But none of the many characteristics tell us what a god is. Until the concept is filled with content, discussing existence is premature. To exist means to exist as something. This, not that.
That aside, in discussing the problems for the various proofs for god (or at least arguments for plausibility) which you present, you have neglected the primary issue. Evidence. Even if the term “god” is conceptualized beyond, “You know what I mean”, presenting arguments in favor of existence is also premature. Before presenting arguments, it is first incumbent on the proponent to present evidence, and that is the very thing which is missing. Data can be interpreted. But arguments cannot replace evidence.
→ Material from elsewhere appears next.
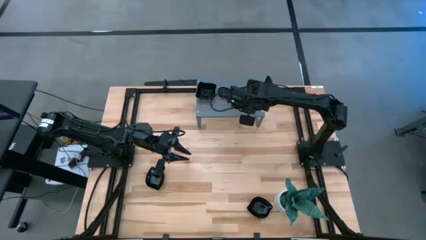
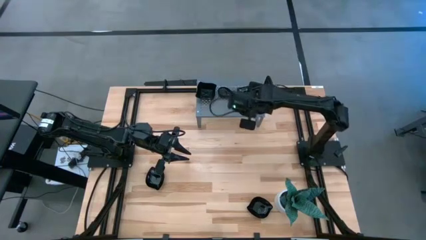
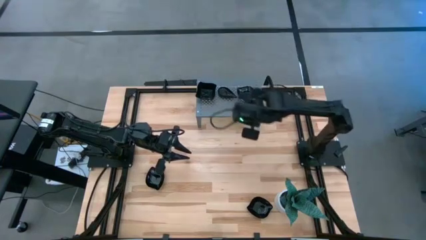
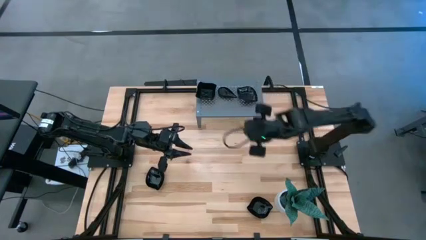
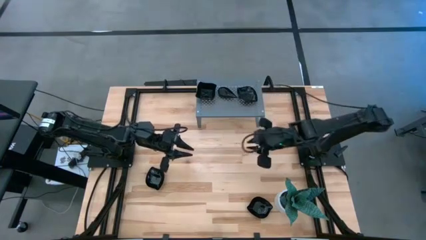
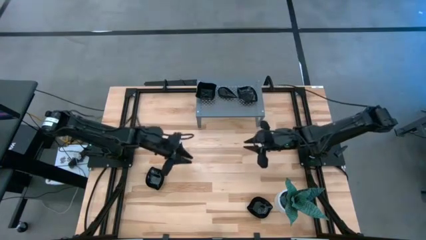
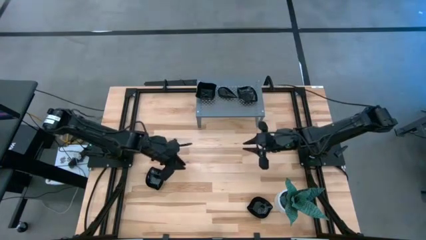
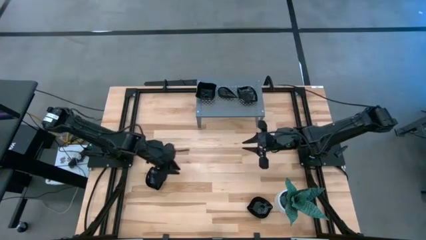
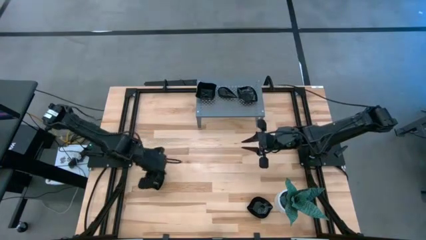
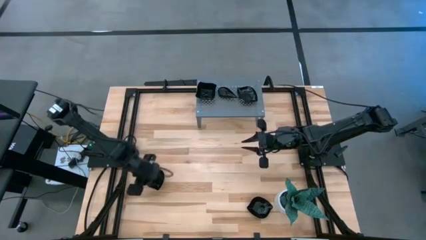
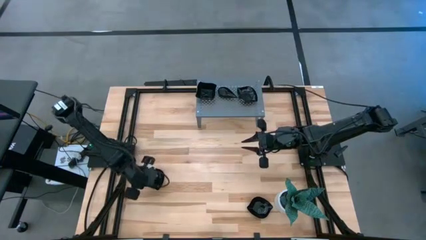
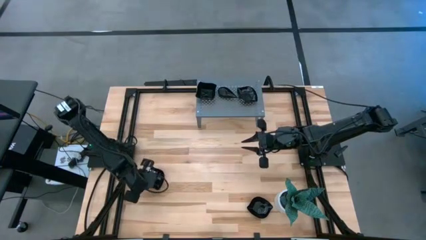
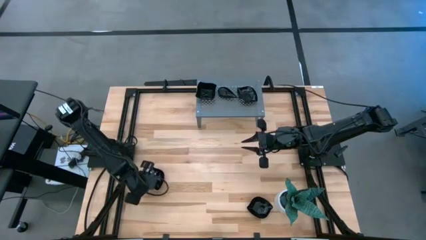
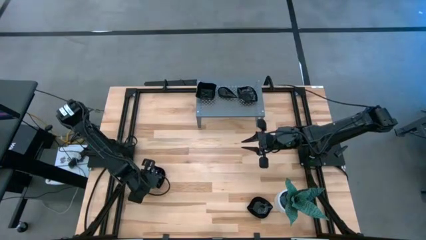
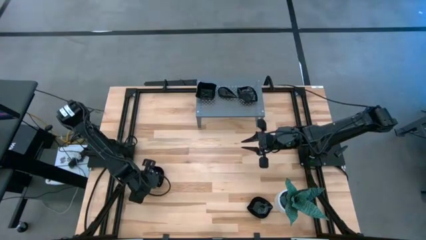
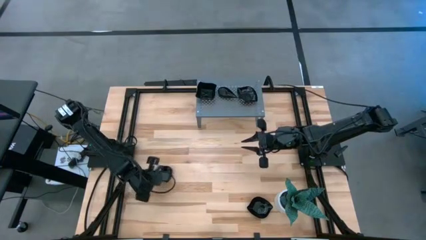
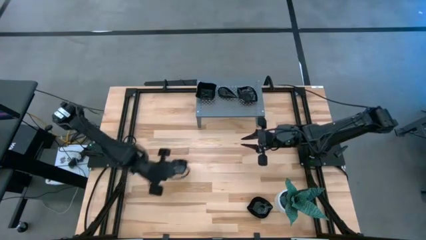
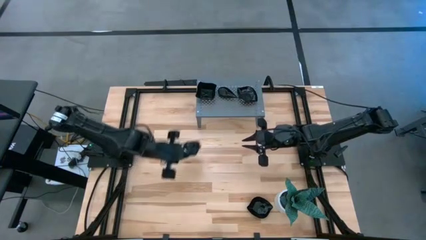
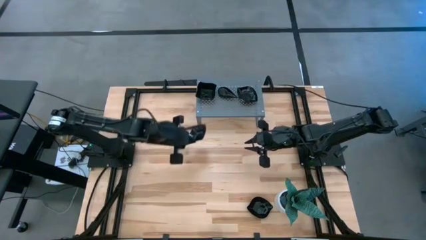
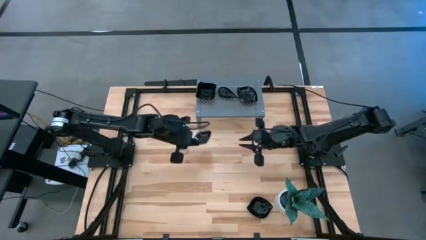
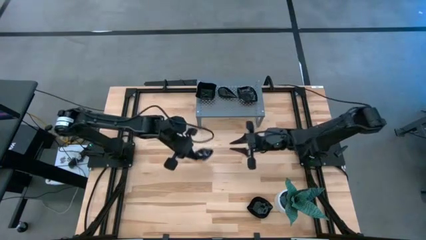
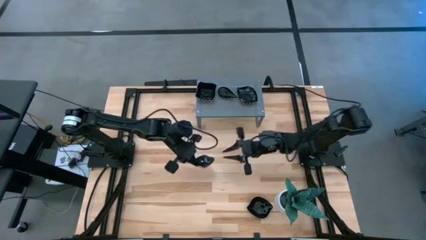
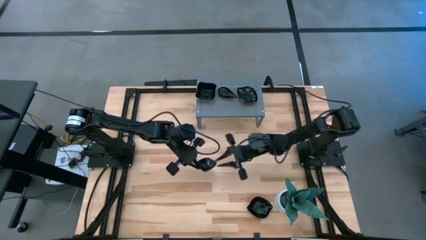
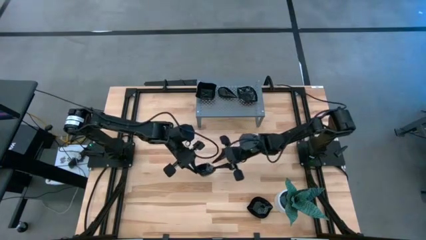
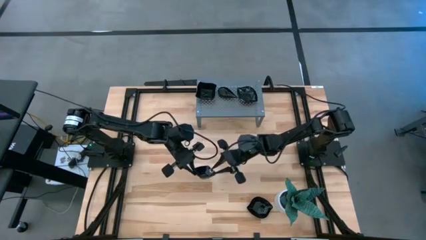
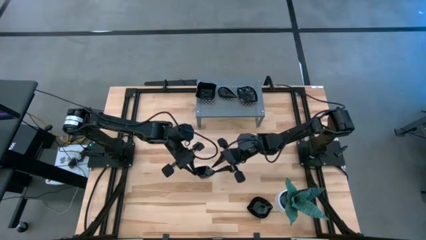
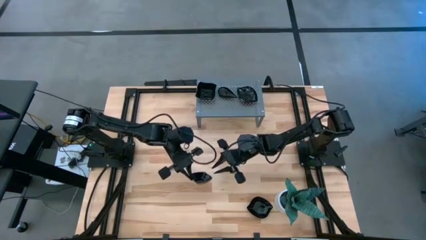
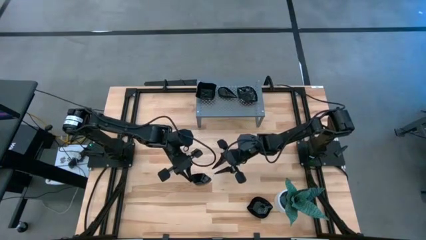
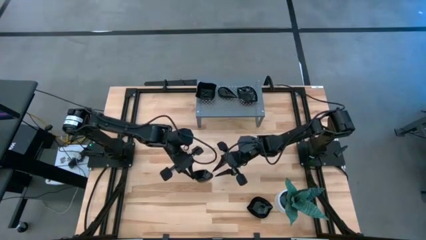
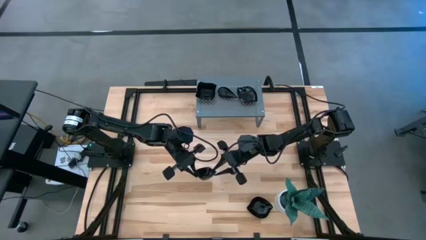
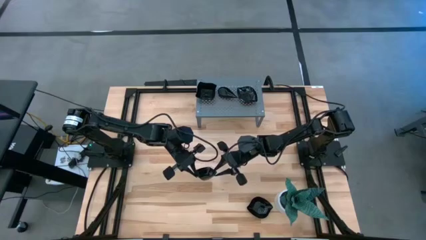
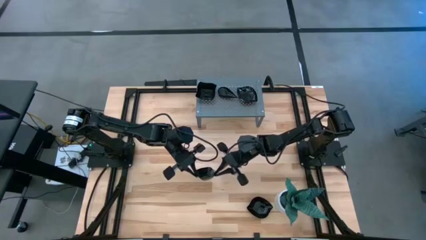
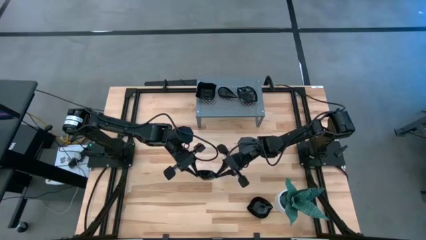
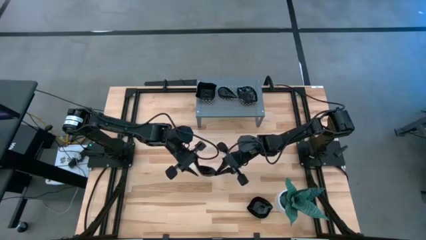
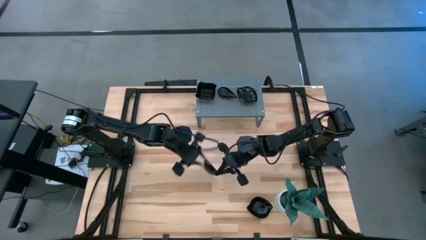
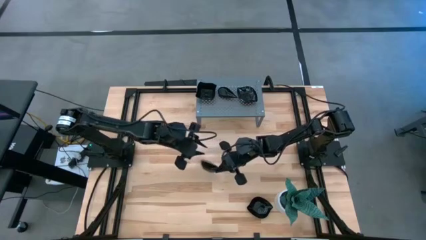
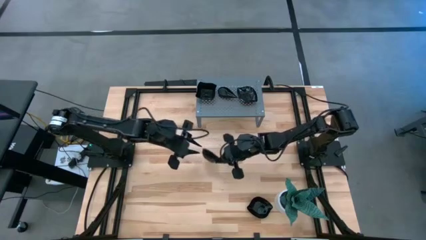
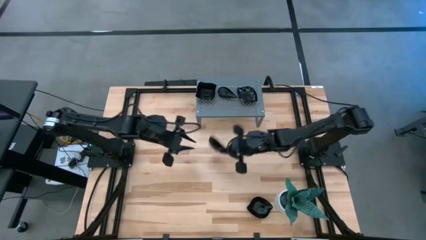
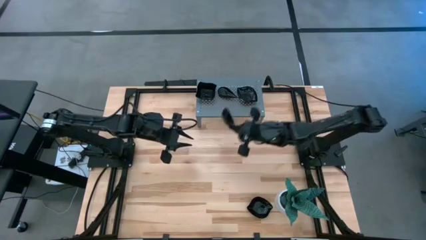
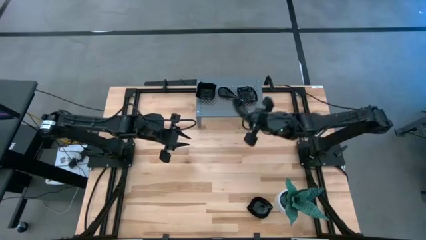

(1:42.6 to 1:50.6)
Stack the leaf-shaped plate on top of the leaf-shaped plate on the shelf

Just a quick not on faith and reason, and no, they are not compatible or even complimentary. Faith is belief (as an epistemological method) in the absence of evidence or in spite of evidence to the contrary. By its very nature, faith has no means of validation or verification and as such cannot claim the status of knowledge. What can even be purported to be known by faith? In the Judeo-Christian context, it ultimately means faith in other humans; that is, the claims, written, or spoken that they have special knowledge (God whispering in their ear) that is unavailable to the rest of us. Are they mentally ill? Are they lying? Are they deluded? Did someone else make up the story of the prophet presented as making the claim? (I’d point out here that most of the books that made it into the canon make no claims of inspiration/revelation. That was left to others to do who deemed them to be holy scripture). The bottom line is that faith in an epistemological sense is never exercised in the stated object (God); rather, faith is exercised solely toward the claimant. It short circuits the rigorous requirements of reason and logic in attempt to arrive at knowledge by taking someone’s word for it. Even worse, it can often contradict verified and testable knowledge of reality.
I would also suggest that most readers would reject the claims of Muhammad or Joseph Smith or…others. I would reject them also. I would guess that many of the reasons we would hold in common.
Parenthetically, the first commandment assumes the existence of other gods, but requires the people to keep Yahweh in the superior position. It says nothing about a “real” god or “false” gods.